The glymphatic system is a highly organized, brain-wide network responsible for the transport of cerebrospinal fluid (CSF), which is crucial for the removal of protein waste, including amyloid and tau.1,2,3 Glymphatic fluid transport also plays a critical function in water homeostasis,4,5,6 antigen presentation,7 immune cell trafficking,8,9 and in the delivery of solutes, such as glucose.10 Due to the absence of lymphatic vessels, the brain relies on CSF circulation through the tissue to remove waste proteins. The glymphatic system uses the perivascular spaces (PVSs) as low-resistance routes for rapid CSF influx into deep brain regions.1 Factors such as increased vascular stiffness, brain injury, or gliosis can impair glymphatic flow, thereby predisposing individuals to the development of neurodegenerative diseases.4,5,11,12,13
Glymphatic fluid transport is enhanced during sleep.14,15,16,17,18,19 In recent years, the link between sleep and the glymphatic system has received substantial attention, as poor sleep often precedes the onset of neurodegenerative diseases and is a predictor of early dementia.20,21,22 Yet, the precise mechanisms by which sleep and wakefulness influence glymphatic flow remain unclear. Initial studies in anesthetized mice showed that cardiac pulsatility promotes glymphatic inflow,23,24 but modeling studies have indicated that cardiac pulsatility might only serve a mixing effect.25,26 Instead, slow vasomotion—spontaneous, rhythmic constriction and dilation of arteries27,28,29,30,31,32—has been proposed as a potential driver of solute clearance in NREM sleep, though direct evidence has been lacking.
In parallel, recent advances in biosensor imaging have revealed that NREM sleep is characterized by regular oscillations in brain norepinephrine (NE) levels, occurring at a frequency in the range of ∼0.02 Hz.33,34,35 These infraslow oscillatory fluctuations in NE are critical for memory performance and the micro-architectural organization of sleep,33,34,36 but their effects on the vasculature and CSF dynamics are unknown, despite NE being a potent vasoconstrictor.37,38
Technical limitations have hampered progress in rodent glymphatic imaging studies, primarily due to the lack of methods to visualize CSF dynamics during natural, unrestrained sleep. As a result, most rodent studies have relied on anesthesia as a surrogate for sleep. Yet, anesthesia disrupts or eliminates many key characteristic features of natural sleep, such as oscillatory NE release, micro-arousals, vasomotion, and REM sleep, which renders anesthesia unsuitable for studying the natural drivers of glymphatic flow.39,40,41,42 While neuroimaging in humans does not yet have the spatial resolution to quantify CSF flow in the brain parenchyma, several studies have shown that CSF movement in the 4th ventricle is temporally linked to neuronal slow wave activity (SWA) and vascular volume changes during NREM sleep.17,43 However, CSF flow in the 4th ventricle is not representative of glymphatic flow in the brain parenchyma,44 leaving the fundamental question of what drives glymphatic flow during natural sleep unresolved.

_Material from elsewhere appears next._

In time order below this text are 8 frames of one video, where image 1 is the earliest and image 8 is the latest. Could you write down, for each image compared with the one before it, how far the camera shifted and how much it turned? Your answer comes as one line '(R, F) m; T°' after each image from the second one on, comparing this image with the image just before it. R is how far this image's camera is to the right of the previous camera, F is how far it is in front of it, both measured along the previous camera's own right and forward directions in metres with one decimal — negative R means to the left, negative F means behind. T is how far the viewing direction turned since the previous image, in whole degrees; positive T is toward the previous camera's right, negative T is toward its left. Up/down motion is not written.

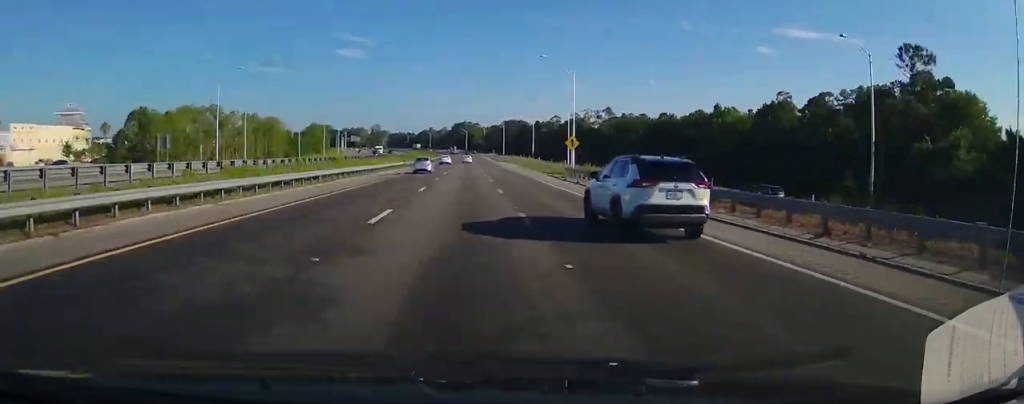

We here developed a method, “flow fiber photometry,” that enabled recordings of blood and CSF dynamics during long, uninterrupted periods of wakefulness, NREM, and REM sleep by avoiding the need for head fixation and allowing mice to move freely in their home cage during recordings. We achieved chronic blood labeling by using liver-secreted, fluorescently tagged albumin,45 in conjunction with tagging of CSF using a fluorescent tracer to investigate the impact of NE oscillations on both vascular and CSF dynamics. With simultaneous recordings of NE (using GRABNE2m),46 blood,45 CSF, and electroencephalogram (EEG)/electromyogram (EMG) activity, we uncovered a surprisingly intricate and tightly linked relationship between brain states and fluid dynamics.
Our findings identify locus coeruleus (LC)-induced NE oscillations as the key driver of slow vasomotion, which in turn facilitates glymphatic clearance during natural sleep. These insights have broad implications for understanding the components of restorative sleep, the functions of slow vasomotion, and the connection between vascular dysfunction and glymphatic failure, which predispose individuals to neurodegenerative diseases.